The shimmer of the Cogent’s eye lens through the haze was impossible to miss. He’d toppled off the hovercar and was struggling to gather his bearings. I sprang up and drove my weary legs forward until I was running.
He got one shot off from a few meters away. It glanced off my shoulder plating but wasn’t enough to slow me. I grabbed him by the jaw and, with my powered armor and reignited rage augmenting my muscles, snapped his neck like a twig.
CHAPTER EIGHT
MALCOLM GRAVES
“Haglin.” Somebody shook my shoulders. “Haglin, wake up.” Another shake, promptly followed by a slap across my face. That got my eyes open.
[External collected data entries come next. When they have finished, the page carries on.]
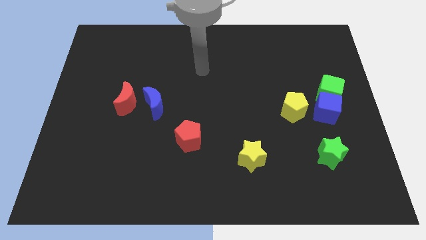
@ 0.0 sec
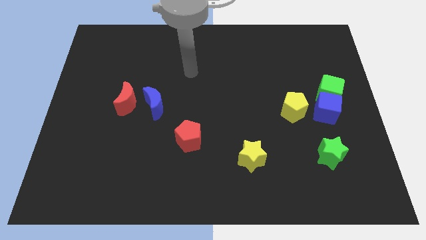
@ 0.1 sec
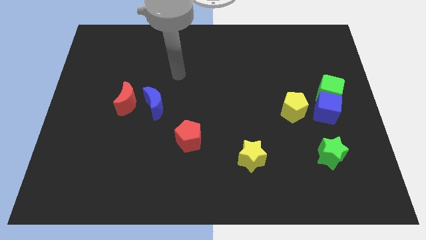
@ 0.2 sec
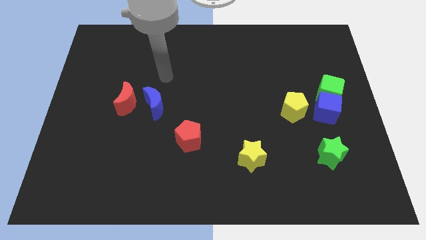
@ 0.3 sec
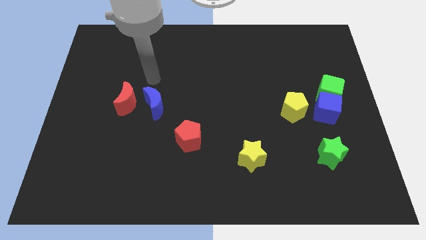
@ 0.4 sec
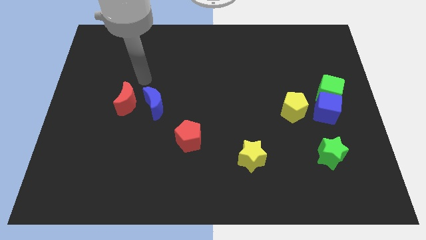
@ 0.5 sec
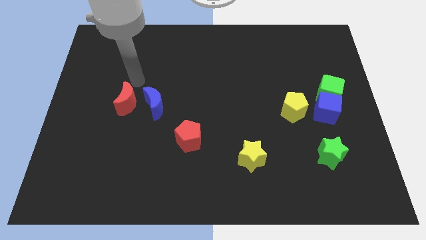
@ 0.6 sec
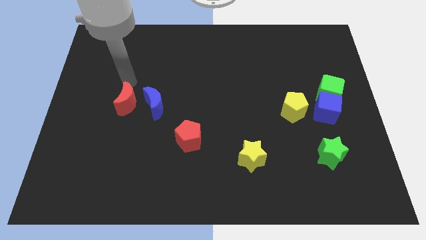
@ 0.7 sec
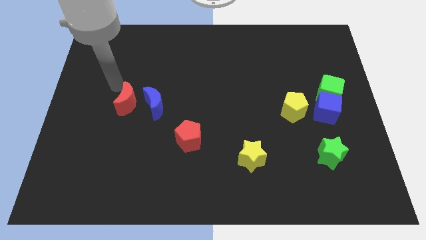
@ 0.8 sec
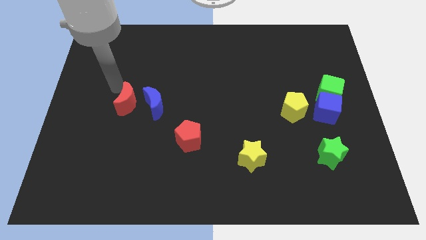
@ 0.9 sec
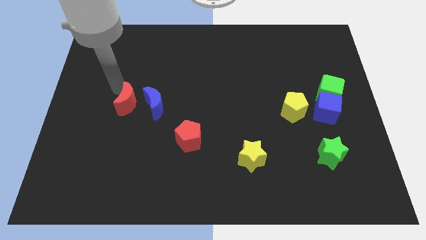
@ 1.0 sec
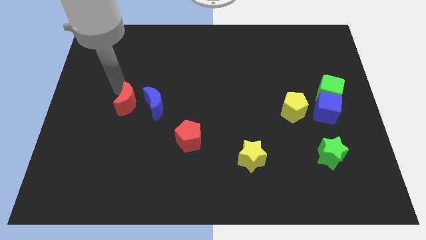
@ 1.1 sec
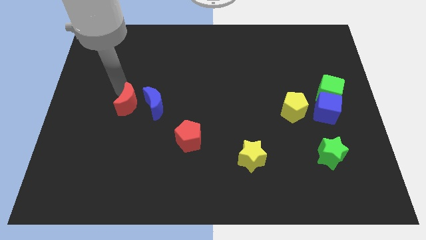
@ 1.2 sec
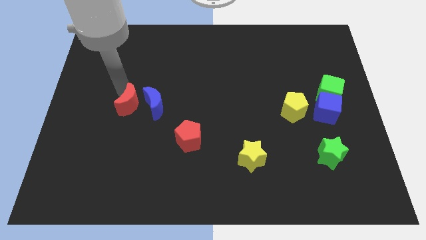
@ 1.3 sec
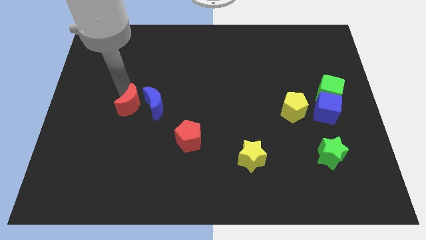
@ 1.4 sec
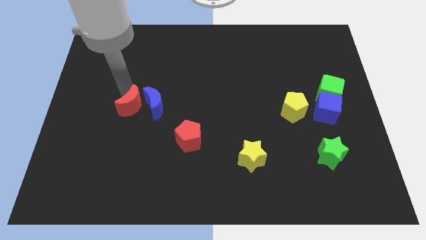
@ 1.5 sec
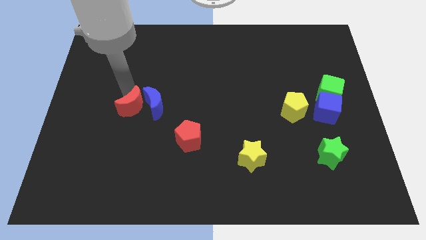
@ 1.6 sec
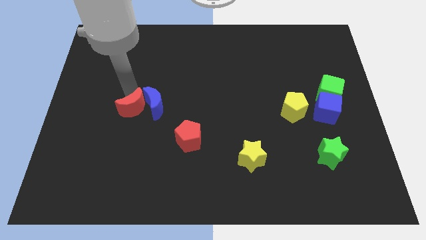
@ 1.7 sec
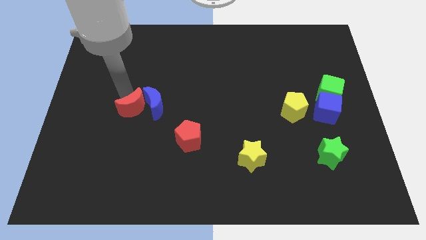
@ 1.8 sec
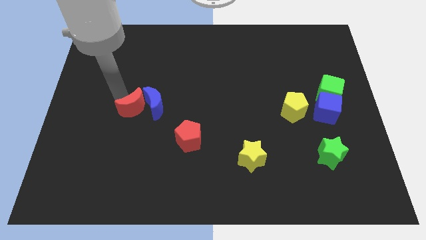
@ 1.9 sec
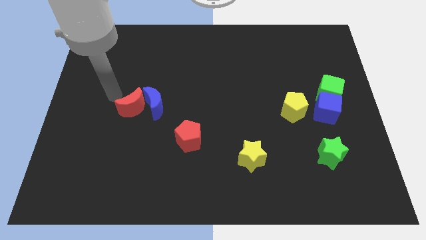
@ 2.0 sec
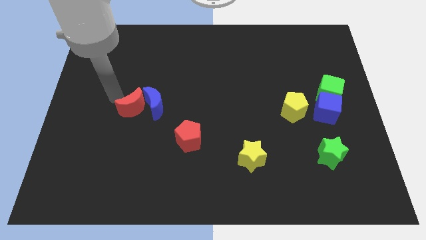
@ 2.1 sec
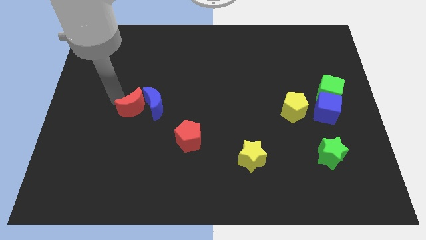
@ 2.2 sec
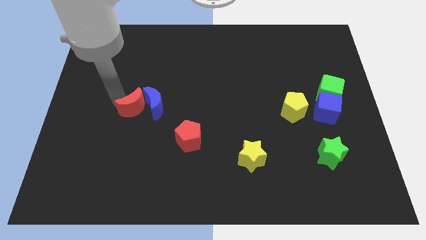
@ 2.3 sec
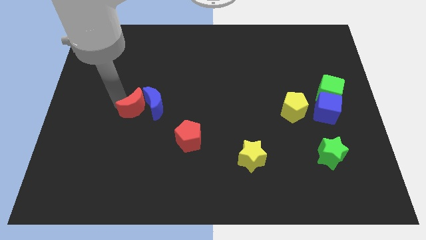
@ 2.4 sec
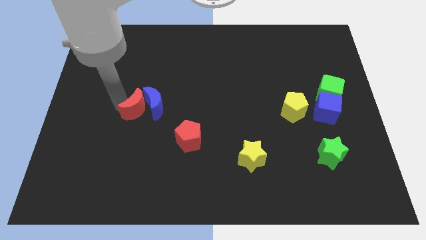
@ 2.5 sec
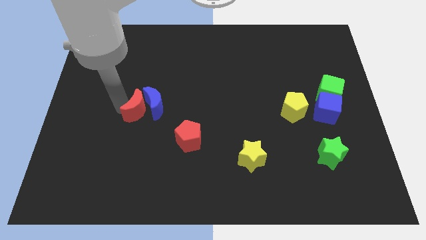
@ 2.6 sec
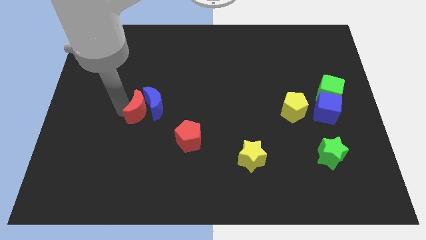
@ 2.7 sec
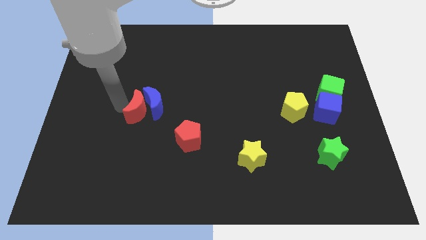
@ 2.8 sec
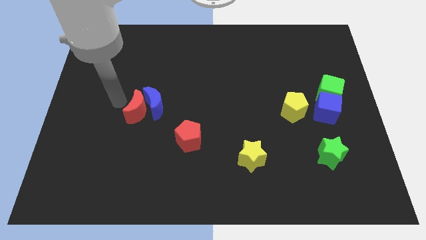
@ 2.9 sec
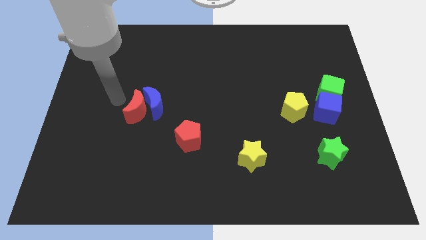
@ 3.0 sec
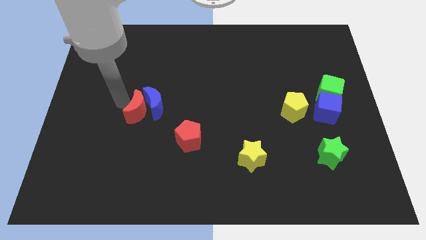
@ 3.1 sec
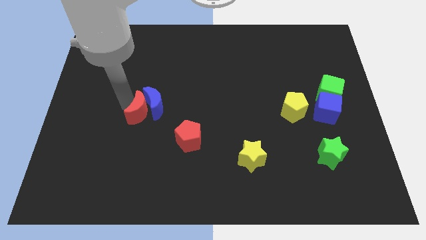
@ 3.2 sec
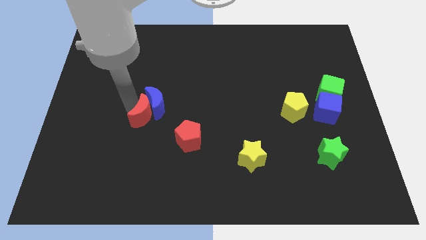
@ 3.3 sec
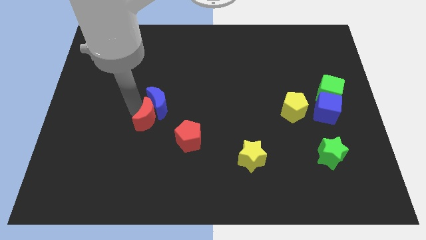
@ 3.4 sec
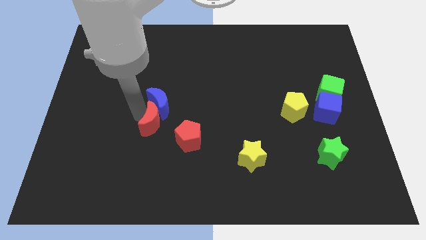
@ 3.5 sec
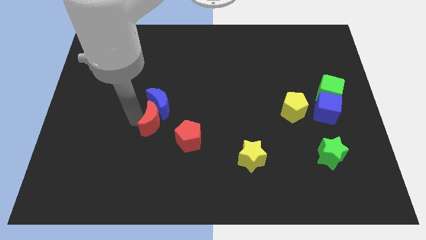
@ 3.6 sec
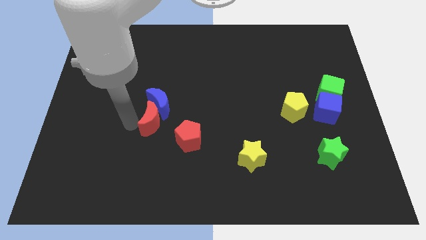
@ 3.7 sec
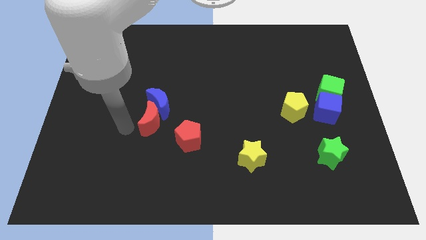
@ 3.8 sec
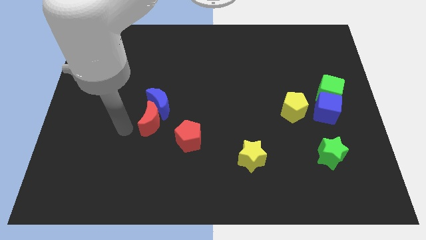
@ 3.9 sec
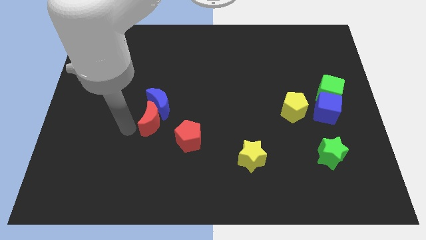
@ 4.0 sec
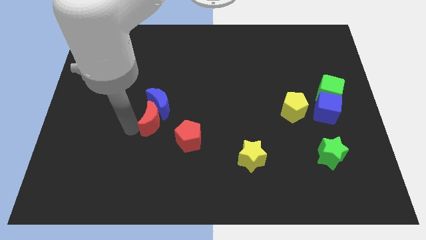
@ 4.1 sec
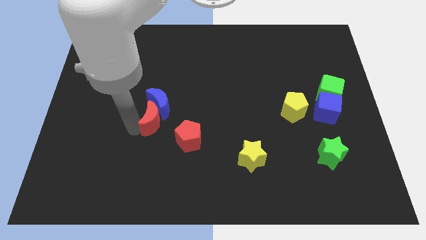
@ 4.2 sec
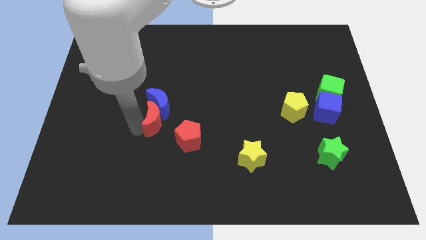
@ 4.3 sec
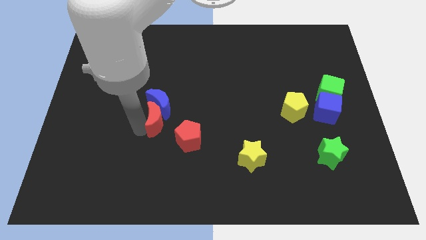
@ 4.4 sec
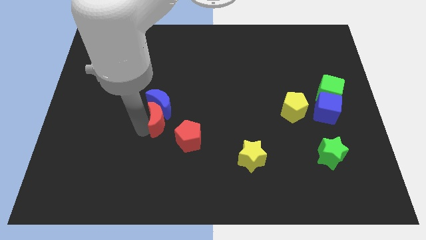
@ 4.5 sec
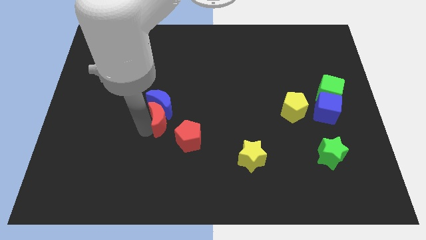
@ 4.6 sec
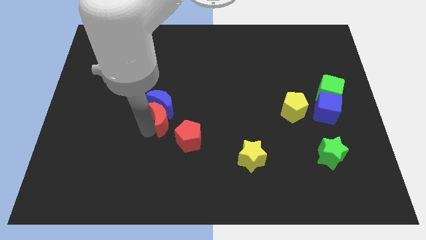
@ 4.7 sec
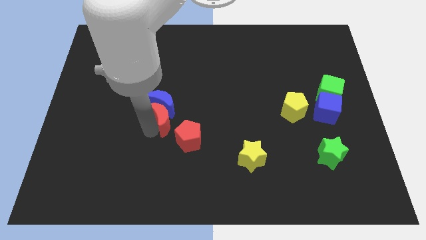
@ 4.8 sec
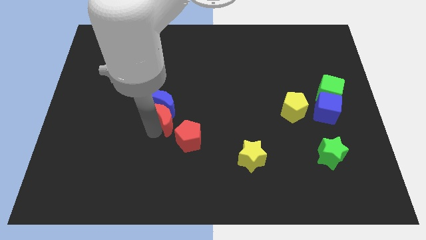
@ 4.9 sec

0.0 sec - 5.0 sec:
move the red moon to the middle of the board

A young woman’s face hovered over me, silhouetted by a bright viewscreen overhead. All I could distinguish was the long, curly hair cascading down over her shoulders. “Aria?” I said softly. I reached out, brushed a lock of her hair, and then cupped my palm around her cheek.
“Lǎo wán gù!”
Again, my face was slapped, and the sting snapped my vision into focus. Wai hopped backward, her expression teeming with disgust. I shook my head. The screen behind her was advertising the new Pervenio service bot. TIRED OF BEING ALONE? it asked. THE PERVENIO SERVICE BOT IS THE FIRST MOBILE ROBOTIC HELPER WITH ADAPTIVE INTELLIGENCE TO LEARN WHAT YOU NEED BEFORE YOU NEED IT. All I could focus on was the damn red-helix logo following me everywhere.
“Oh… Sorry, Wai,” I said.
She fixed her hair and her shirt. I wasn’t used to seeing her outside of her dancer’s garb. A crummy parka covered her down to her knees, stained with grime and who knows what else. I was glad I was too hung over to catch a whiff of it.
“Good dream, eh?” she asked. “Who’s Aria? Some old fling from your secret life?”
My initial chuckle transitioned to a groan quickly. My head rang like someone had shoved a bell in my skull and kept bashing it. “Something like that. What time is it?”